For the next three weeks, I will be living every writer’s dream: I am studying at Cambridge!
Just in the nick of time (I’m about to graduate), my master’s program has collaborated with Pembroke College to create a two-track course studying fiction and screenwriting. My thesis—due 16 weeks from today (egads!)—is a novel. But except that one attempt as an undergrad (let’s not talk about that), I’ve never written a screenplay. Coupled with the fact that I never took the opportunity to study abroad, the program is nicely timed to the completion of my degree and rounding out of my graduate education.
We have our work cut out for us. For the fiction track, taught by Emma Sweeney, we’ll be writing and revising a short story or novel excerpt, analyzing our work during our stay here, and critiquing our peers’ work formally—i.e., with written notes. In screenwriting, taught by film director Antonia Bird (Ravenous), we’ll be outlining a script, composing character biographies, and writing the first ten pages of a screenplay.
Over the past day or so, we’ve had a chance to get the lay of the land. I found the grocery store and figured out the extremely limited hours in which to find food on campus. (I’m from LA, where no one eats dinner before 6:45, which is when the “Buttery” here closes, and you can get pretty much whatever you want almost any time of day.) I got hooked up and logged on to the internet. I got my clothes ironed in the crusty basement of one of the dorms. The power converter RadioShack insisted I needed to buy wasn’t even able to handle the wattage on my laptop’s power cord, but I realized it was a big ripoff and plugged directly into the adapter.
Yet I still feel not quite settled in. I need to decide what I want to accomplish here. I need to set some goals.
In a way, the course requirements are superfluous. Let’s be honest: at least in the fiction track, I could skate by by recycling old pages.
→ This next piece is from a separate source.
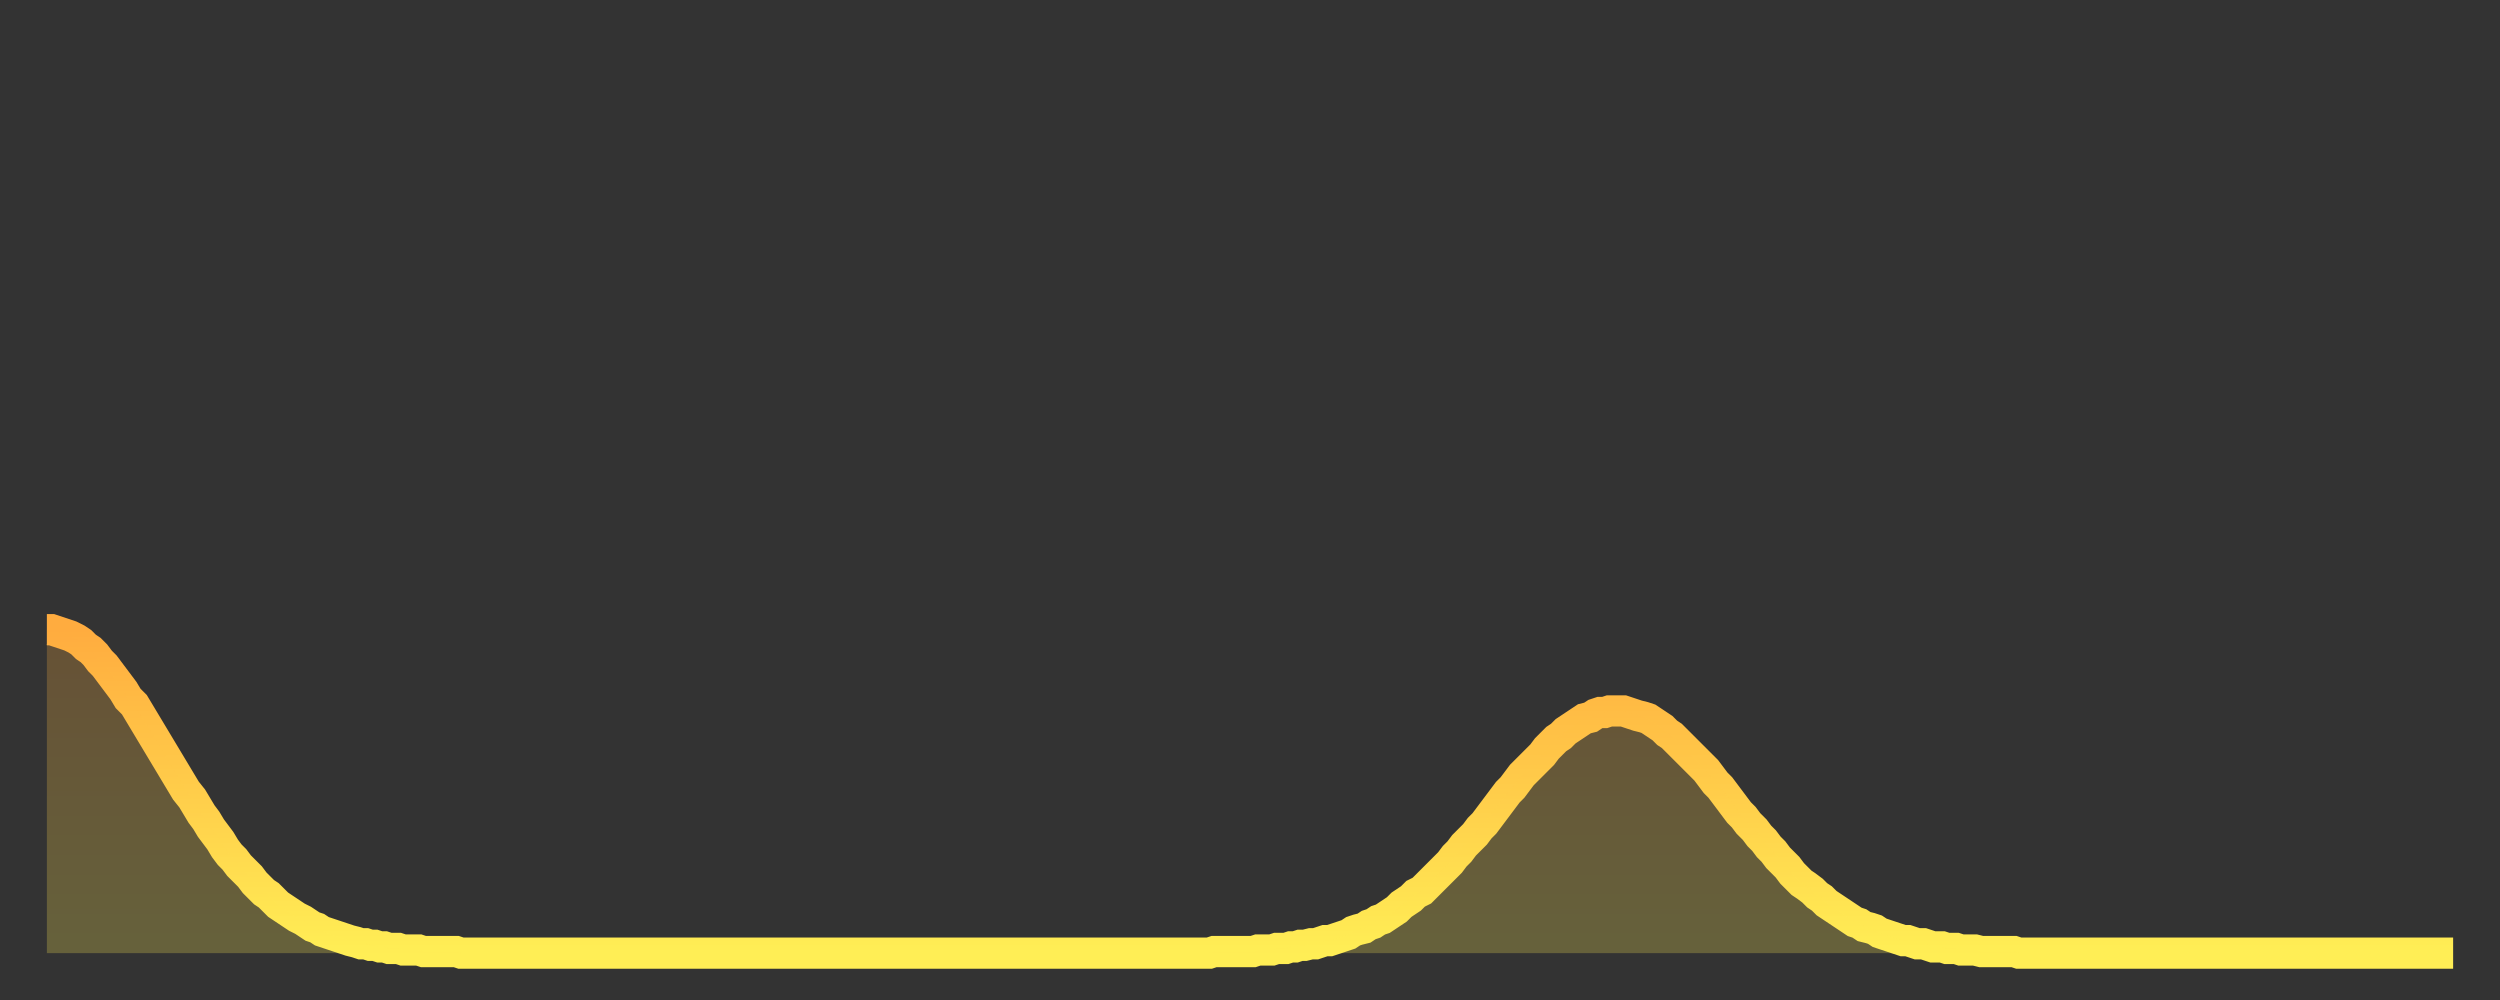 <?xml version="1.0" encoding="utf-8" ?>
<svg baseProfile="full" height="64" version="1.1" width="160" xmlns="http://www.w3.org/2000/svg" xmlns:ev="http://www.w3.org/2001/xml-events" xmlns:xlink="http://www.w3.org/1999/xlink"><rect width="100%" height="100%" fill="#333333" stroke="none"/><defs><linearGradient id="id3020854" x1="0" x2="0" y1="0" y2="1"><stop offset="0%" stop-color="#ffac3f" /><stop offset="50%" stop-color="#ffcd4a" /><stop offset="100%" stop-color="#ffee55" /></linearGradient></defs><g transform="translate(3,3)"><g><path d="M 0.0 37.3 0.3 37.3 0.6 37.4 0.9 37.5 1.2 37.6 1.5 37.7 1.9 37.9 2.2 38.1 2.5 38.4 2.8 38.6 3.1 38.9 3.4 39.3 3.7 39.6 4.0 40.0 4.3 40.4 4.6 40.8 4.9 41.2 5.2 41.7 5.6 42.1 5.9 42.6 6.2 43.1 6.5 43.6 6.8 44.1 7.1 44.6 7.4 45.1 7.7 45.6 8.0 46.1 8.3 46.6 8.6 47.1 8.9 47.6 9.3 48.1 9.6 48.6 9.9 49.1 10.2 49.5 10.5 50.0 10.8 50.4 11.1 50.8 11.4 51.3 11.7 51.7 12.0 52.0 12.3 52.4 12.7 52.8 13.0 53.1 13.3 53.5 13.6 53.8 13.9 54.1 14.2 54.3 14.5 54.6 14.8 54.9 15.1 55.1 15.4 55.3 15.7 55.5 16.0 55.7 16.4 55.9 16.7 56.1 17.0 56.3 17.3 56.4 17.6 56.6 17.9 56.7 18.2 56.8 18.5 56.9 18.8 57.0 19.1 57.1 19.4 57.2 19.8 57.3 20.1 57.4 20.4 57.4 20.7 57.5 21.0 57.5 21.3 57.6 21.6 57.6 21.9 57.7 22.2 57.7 22.5 57.7 22.8 57.8 23.1 57.8 23.5 57.8 23.8 57.8 24.1 57.9 24.4 57.9 24.7 57.9 25.0 57.9 25.3 57.9 25.6 57.9 25.9 57.9 26.2 57.9 26.5 58.0 26.8 58.0 27.2 58.0 27.5 58.0 27.8 58.0 28.1 58.0 28.4 58.0 28.7 58.0 29.0 58.0 29.3 58.0 29.6 58.0 29.9 58.0 30.2 58.0 30.6 58.0 30.9 58.0 31.2 58.0 31.5 58.0 31.8 58.0 32.1 58.0 32.4 58.0 32.7 58.0 33.0 58.0 33.3 58.0 33.6 58.0 33.9 58.0 34.3 58.0 34.6 58.0 34.9 58.0 35.2 58.0 35.5 58.0 35.8 58.0 36.1 58.0 36.4 58.0 36.7 58.0 37.0 58.0 37.3 58.0 37.7 58.0 38.0 58.0 38.3 58.0 38.6 58.0 38.9 58.0 39.2 58.0 39.5 58.0 39.8 58.0 40.1 58.0 40.4 58.0 40.7 58.0 41.0 58.0 41.4 58.0 41.7 58.0 42.0 58.0 42.3 58.0 42.6 58.0 42.9 58.0 43.2 58.0 43.5 58.0 43.8 58.0 44.1 58.0 44.4 58.0 44.7 58.0 45.1 58.0 45.4 58.0 45.7 58.0 46.0 58.0 46.3 58.0 46.6 58.0 46.9 58.0 47.2 58.0 47.5 58.0 47.8 58.0 48.1 58.0 48.5 58.0 48.8 58.0 49.1 58.0 49.4 58.0 49.7 58.0 50.0 58.0 50.3 58.0 50.6 58.0 50.9 58.0 51.2 58.0 51.5 58.0 51.8 58.0 52.2 58.0 52.5 58.0 52.8 58.0 53.1 58.0 53.4 58.0 53.7 58.0 54.0 58.0 54.3 58.0 54.6 58.0 54.9 58.0 55.2 58.0 55.6 58.0 55.9 58.0 56.2 58.0 56.5 58.0 56.8 58.0 57.1 58.0 57.4 58.0 57.7 58.0 58.0 58.0 58.3 58.0 58.6 58.0 58.9 58.0 59.3 58.0 59.6 58.0 59.9 58.0 60.2 58.0 60.5 58.0 60.8 58.0 61.1 58.0 61.4 58.0 61.7 58.0 62.0 58.0 62.3 58.0 62.6 58.0 63.0 58.0 63.3 58.0 63.6 58.0 63.9 58.0 64.2 58.0 64.5 58.0 64.8 58.0 65.1 58.0 65.4 58.0 65.7 58.0 66.0 58.0 66.4 58.0 66.7 58.0 67.0 58.0 67.3 58.0 67.6 58.0 67.9 58.0 68.2 58.0 68.5 58.0 68.8 58.0 69.1 58.0 69.4 58.0 69.7 58.0 70.1 58.0 70.4 58.0 70.7 58.0 71.0 58.0 71.3 58.0 71.6 58.0 71.9 58.0 72.2 58.0 72.5 58.0 72.8 58.0 73.1 58.0 73.5 58.0 73.8 58.0 74.1 58.0 74.4 58.0 74.7 57.9 75.0 57.9 75.3 57.9 75.6 57.9 75.9 57.9 76.2 57.9 76.5 57.9 76.8 57.9 77.2 57.9 77.5 57.8 77.8 57.8 78.1 57.8 78.4 57.8 78.7 57.7 79.0 57.7 79.3 57.7 79.6 57.6 79.9 57.6 80.2 57.5 80.5 57.5 80.9 57.4 81.2 57.4 81.5 57.3 81.8 57.2 82.1 57.2 82.4 57.1 82.7 57.0 83.0 56.9 83.3 56.8 83.6 56.6 83.9 56.5 84.3 56.4 84.6 56.2 84.9 56.1 85.2 55.9 85.5 55.8 85.8 55.6 86.1 55.4 86.4 55.2 86.7 54.9 87.0 54.7 87.3 54.5 87.6 54.2 88.0 54.0 88.3 53.7 88.6 53.4 88.9 53.1 89.2 52.8 89.5 52.5 89.8 52.2 90.1 51.8 90.4 51.5 90.7 51.1 91.0 50.8 91.4 50.4 91.7 50.0 92.0 49.7 92.3 49.3 92.6 48.9 92.9 48.5 93.2 48.1 93.5 47.7 93.8 47.4 94.1 47.0 94.4 46.6 94.7 46.3 95.1 45.9 95.4 45.6 95.7 45.3 96.0 44.9 96.3 44.6 96.6 44.3 96.9 44.1 97.2 43.8 97.5 43.6 97.8 43.4 98.1 43.2 98.4 43.0 98.8 42.9 99.1 42.7 99.4 42.6 99.7 42.6 100.0 42.5 100.3 42.5 100.6 42.5 100.9 42.5 101.2 42.6 101.5 42.7 101.8 42.8 102.2 42.9 102.5 43.0 102.8 43.2 103.1 43.4 103.4 43.6 103.7 43.9 104.0 44.1 104.3 44.4 104.6 44.7 104.9 45.0 105.2 45.3 105.5 45.6 105.9 46.0 106.2 46.3 106.5 46.7 106.8 47.1 107.1 47.4 107.4 47.8 107.7 48.2 108.0 48.6 108.3 49.0 108.6 49.3 108.9 49.7 109.3 50.1 109.6 50.5 109.9 50.8 110.2 51.2 110.5 51.5 110.8 51.9 111.1 52.2 111.4 52.5 111.7 52.9 112.0 53.2 112.3 53.5 112.6 53.7 113.0 54.0 113.3 54.3 113.6 54.5 113.9 54.8 114.2 55.0 114.5 55.2 114.8 55.4 115.1 55.6 115.4 55.8 115.7 56.0 116.0 56.1 116.3 56.3 116.7 56.4 117.0 56.5 117.3 56.7 117.6 56.8 117.9 56.9 118.2 57.0 118.5 57.1 118.8 57.2 119.1 57.2 119.4 57.3 119.7 57.4 120.1 57.4 120.4 57.5 120.7 57.6 121.0 57.6 121.3 57.6 121.6 57.7 121.9 57.7 122.2 57.7 122.5 57.8 122.8 57.8 123.1 57.8 123.4 57.8 123.8 57.9 124.1 57.9 124.4 57.9 124.7 57.9 125.0 57.9 125.3 57.9 125.6 57.9 125.9 57.9 126.2 58.0 126.5 58.0 126.8 58.0 127.2 58.0 127.5 58.0 127.8 58.0 128.1 58.0 128.4 58.0 128.7 58.0 129.0 58.0 129.3 58.0 129.6 58.0 129.9 58.0 130.2 58.0 130.5 58.0 130.9 58.0 131.2 58.0 131.5 58.0 131.8 58.0 132.1 58.0 132.4 58.0 132.7 58.0 133.0 58.0 133.3 58.0 133.6 58.0 133.9 58.0 134.2 58.0 134.6 58.0 134.9 58.0 135.2 58.0 135.5 58.0 135.8 58.0 136.1 58.0 136.4 58.0 136.7 58.0 137.0 58.0 137.3 58.0 137.6 58.0 138.0 58.0 138.3 58.0 138.6 58.0 138.9 58.0 139.2 58.0 139.5 58.0 139.8 58.0 140.1 58.0 140.4 58.0 140.7 58.0 141.0 58.0 141.3 58.0 141.7 58.0 142.0 58.0 142.3 58.0 142.6 58.0 142.9 58.0 143.2 58.0 143.5 58.0 143.8 58.0 144.1 58.0 144.4 58.0 144.7 58.0 145.1 58.0 145.4 58.0 145.7 58.0 146.0 58.0 146.3 58.0 146.6 58.0 146.9 58.0 147.2 58.0 147.5 58.0 147.8 58.0 148.1 58.0 148.4 58.0 148.8 58.0 149.1 58.0 149.4 58.0 149.7 58.0 150.0 58.0 150.3 58.0 150.6 58.0 150.9 58.0 151.2 58.0 151.5 58.0 151.8 58.0 152.1 58.0 152.5 58.0 152.8 58.0 153.1 58.0 153.4 58.0 153.7 58.0 154.0 58.0" fill="none" id="graph-curve" opacity="1" stroke="url(#id3020854)" stroke-width="2" /><path d="M 0 58 L 0.0 37.3 0.3 37.3 0.6 37.4 0.9 37.5 1.2 37.6 1.5 37.7 1.9 37.9 2.2 38.1 2.5 38.4 2.8 38.6 3.1 38.9 3.4 39.3 3.7 39.6 4.0 40.0 4.3 40.4 4.6 40.8 4.9 41.2 5.2 41.7 5.6 42.1 5.9 42.6 6.2 43.1 6.5 43.6 6.8 44.1 7.1 44.6 7.4 45.1 7.7 45.6 8.0 46.1 8.3 46.6 8.6 47.1 8.9 47.6 9.3 48.1 9.6 48.6 9.9 49.1 10.2 49.5 10.5 50.0 10.8 50.4 11.1 50.8 11.4 51.3 11.7 51.7 12.0 52.0 12.3 52.4 12.7 52.8 13.0 53.1 13.3 53.5 13.6 53.8 13.9 54.1 14.2 54.3 14.5 54.6 14.8 54.9 15.1 55.1 15.4 55.3 15.7 55.5 16.0 55.7 16.4 55.9 16.7 56.1 17.0 56.3 17.3 56.4 17.6 56.6 17.9 56.7 18.2 56.8 18.5 56.9 18.8 57.0 19.1 57.1 19.4 57.2 19.8 57.3 20.1 57.4 20.4 57.4 20.7 57.5 21.0 57.5 21.3 57.6 21.6 57.6 21.9 57.7 22.2 57.7 22.5 57.7 22.8 57.8 23.1 57.8 23.5 57.8 23.8 57.8 24.1 57.9 24.4 57.9 24.7 57.9 25.0 57.9 25.3 57.9 25.6 57.9 25.9 57.9 26.2 57.9 26.5 58.0 26.8 58.0 27.2 58.0 27.5 58.0 27.8 58.0 28.1 58.0 28.4 58.0 28.7 58.0 29.0 58.0 29.3 58.0 29.6 58.0 29.9 58.0 30.2 58.0 30.6 58.0 30.9 58.0 31.2 58.0 31.5 58.0 31.8 58.0 32.1 58.0 32.4 58.0 32.7 58.0 33.0 58.0 33.3 58.0 33.6 58.0 33.9 58.0 34.3 58.0 34.6 58.0 34.9 58.0 35.2 58.0 35.5 58.0 35.8 58.0 36.1 58.0 36.4 58.0 36.7 58.0 37.0 58.0 37.3 58.0 37.7 58.0 38.0 58.0 38.3 58.0 38.6 58.0 38.9 58.0 39.2 58.0 39.5 58.0 39.8 58.0 40.1 58.0 40.4 58.0 40.7 58.0 41.0 58.0 41.4 58.0 41.7 58.0 42.0 58.0 42.3 58.0 42.6 58.0 42.9 58.0 43.2 58.0 43.5 58.0 43.8 58.0 44.1 58.0 44.4 58.0 44.7 58.0 45.1 58.0 45.4 58.0 45.7 58.0 46.0 58.0 46.3 58.0 46.6 58.0 46.9 58.0 47.2 58.0 47.5 58.0 47.8 58.0 48.1 58.0 48.5 58.0 48.8 58.0 49.1 58.0 49.4 58.0 49.7 58.0 50.0 58.0 50.3 58.0 50.6 58.0 50.9 58.0 51.2 58.0 51.5 58.0 51.8 58.0 52.2 58.0 52.5 58.0 52.8 58.0 53.1 58.0 53.4 58.0 53.7 58.0 54.0 58.0 54.3 58.0 54.6 58.0 54.9 58.0 55.2 58.0 55.6 58.0 55.9 58.0 56.2 58.0 56.5 58.0 56.8 58.0 57.1 58.0 57.4 58.0 57.7 58.0 58.0 58.0 58.3 58.0 58.6 58.0 58.9 58.0 59.3 58.0 59.6 58.0 59.9 58.0 60.2 58.0 60.5 58.0 60.8 58.0 61.1 58.0 61.4 58.0 61.7 58.0 62.0 58.0 62.3 58.0 62.6 58.0 63.0 58.0 63.3 58.0 63.6 58.0 63.9 58.0 64.2 58.0 64.5 58.0 64.8 58.0 65.1 58.0 65.4 58.0 65.7 58.0 66.0 58.0 66.4 58.0 66.7 58.0 67.0 58.0 67.3 58.0 67.6 58.0 67.9 58.0 68.2 58.0 68.5 58.0 68.8 58.0 69.1 58.0 69.4 58.0 69.7 58.0 70.1 58.0 70.4 58.0 70.7 58.0 71.0 58.0 71.3 58.0 71.6 58.0 71.9 58.0 72.2 58.0 72.5 58.0 72.8 58.0 73.1 58.0 73.5 58.0 73.8 58.0 74.1 58.0 74.4 58.0 74.7 57.9 75.0 57.9 75.3 57.9 75.6 57.9 75.9 57.9 76.2 57.9 76.5 57.9 76.8 57.9 77.2 57.9 77.5 57.8 77.8 57.8 78.1 57.8 78.4 57.8 78.7 57.7 79.0 57.7 79.3 57.7 79.6 57.6 79.9 57.6 80.2 57.5 80.5 57.5 80.9 57.4 81.2 57.4 81.5 57.3 81.8 57.2 82.1 57.2 82.4 57.1 82.7 57.0 83.0 56.9 83.3 56.8 83.6 56.6 83.9 56.5 84.3 56.4 84.6 56.2 84.9 56.1 85.2 55.9 85.5 55.8 85.8 55.6 86.1 55.4 86.4 55.2 86.7 54.9 87.0 54.7 87.3 54.5 87.6 54.2 88.0 54.0 88.3 53.7 88.6 53.4 88.9 53.1 89.2 52.8 89.5 52.5 89.8 52.2 90.1 51.8 90.4 51.5 90.7 51.1 91.0 50.8 91.4 50.4 91.7 50.0 92.0 49.7 92.3 49.3 92.6 48.9 92.9 48.5 93.2 48.1 93.5 47.7 93.8 47.4 94.1 47.0 94.4 46.6 94.7 46.3 95.1 45.9 95.4 45.6 95.7 45.3 96.0 44.9 96.3 44.6 96.6 44.3 96.9 44.1 97.2 43.8 97.5 43.6 97.8 43.4 98.1 43.2 98.4 43.0 98.8 42.9 99.1 42.7 99.4 42.6 99.7 42.6 100.0 42.5 100.3 42.5 100.6 42.5 100.9 42.5 101.2 42.6 101.5 42.7 101.8 42.8 102.2 42.9 102.5 43.0 102.8 43.2 103.1 43.4 103.4 43.6 103.7 43.9 104.0 44.1 104.3 44.4 104.6 44.7 104.9 45.0 105.2 45.3 105.5 45.6 105.9 46.0 106.2 46.3 106.5 46.7 106.8 47.1 107.1 47.4 107.4 47.8 107.7 48.2 108.0 48.6 108.3 49.0 108.6 49.3 108.9 49.7 109.3 50.1 109.6 50.5 109.9 50.8 110.2 51.2 110.5 51.5 110.8 51.9 111.1 52.2 111.4 52.5 111.7 52.9 112.0 53.2 112.3 53.5 112.6 53.7 113.0 54.0 113.3 54.3 113.6 54.5 113.9 54.8 114.2 55.0 114.5 55.2 114.8 55.4 115.1 55.6 115.4 55.8 115.7 56.0 116.0 56.1 116.3 56.3 116.7 56.4 117.0 56.5 117.3 56.7 117.6 56.8 117.9 56.9 118.2 57.0 118.5 57.1 118.8 57.2 119.1 57.2 119.4 57.3 119.7 57.4 120.1 57.4 120.4 57.5 120.7 57.6 121.0 57.6 121.3 57.6 121.6 57.7 121.9 57.7 122.2 57.7 122.5 57.8 122.8 57.8 123.1 57.8 123.4 57.8 123.8 57.9 124.1 57.9 124.4 57.9 124.7 57.9 125.0 57.9 125.3 57.9 125.6 57.9 125.9 57.9 126.2 58.0 126.5 58.0 126.8 58.0 127.2 58.0 127.5 58.0 127.8 58.0 128.1 58.0 128.4 58.0 128.7 58.0 129.0 58.0 129.3 58.0 129.6 58.0 129.9 58.0 130.2 58.0 130.5 58.0 130.9 58.0 131.2 58.0 131.5 58.0 131.8 58.0 132.1 58.0 132.4 58.0 132.7 58.0 133.0 58.0 133.3 58.0 133.6 58.0 133.9 58.0 134.2 58.0 134.6 58.0 134.9 58.0 135.2 58.0 135.5 58.0 135.8 58.0 136.1 58.0 136.4 58.0 136.7 58.0 137.0 58.0 137.3 58.0 137.6 58.0 138.0 58.0 138.3 58.0 138.6 58.0 138.9 58.0 139.2 58.0 139.5 58.0 139.8 58.0 140.1 58.0 140.4 58.0 140.7 58.0 141.0 58.0 141.3 58.0 141.7 58.0 142.0 58.0 142.3 58.0 142.6 58.0 142.9 58.0 143.2 58.0 143.5 58.0 143.8 58.0 144.1 58.0 144.4 58.0 144.7 58.0 145.1 58.0 145.4 58.0 145.7 58.0 146.0 58.0 146.3 58.0 146.6 58.0 146.9 58.0 147.2 58.0 147.5 58.0 147.8 58.0 148.1 58.0 148.4 58.0 148.8 58.0 149.1 58.0 149.4 58.0 149.7 58.0 150.0 58.0 150.3 58.0 150.6 58.0 150.9 58.0 151.2 58.0 151.5 58.0 151.8 58.0 152.1 58.0 152.5 58.0 152.8 58.0 153.1 58.0 153.4 58.0 153.7 58.0 154.0 58.0 154 58" fill="url(#id3020854)" fill-opacity=".25" id="graph-shadow" /></g></g></svg>

But if I want to stay on the schedule I’ve set to complete my thesis on time, I have to produce more than the required 10-20 pages while I’m here.
So, what I really want to do is get some work done. A lot of work. Good work. New work.
The haven’t-been-out-of-the-country-so-long-her-passport-was-expired in me feels like I shouldn’t hole up in my room while I’m here, that I should be out seeing and doing things: Touring the other colleges. Going to the Fitzwilliam Museum. Punting on the River Cam.
But if I am here to get some work done, then I do need to hole up. The other part of the equation is writerliness. I’m not here on vacation. I’m here to write. And the everyday distractions have been removed in order to make that happen. I don’t have to make dinner. I don’t have a TV. (I haven’t seen a TV anywhere on campus.) I don’t have any responsibilities other than to produce work.
This is my chance to create writerly habits and learn discipline, to get motivated and inspired. To enter a writerly frame of mind-and hopefully carry that with me back to my real life.
I’m not willing to give up experiencing the whole of Cambridge. I do need to get out of my room. At least to the library. Or a café. Or, if I have a long stretch of time, down to the Orchard in Grantchester, where Virginia Woolf and the Bloomsbury group took their tea. It’s just that while I’m there, I’ll be getting some work done.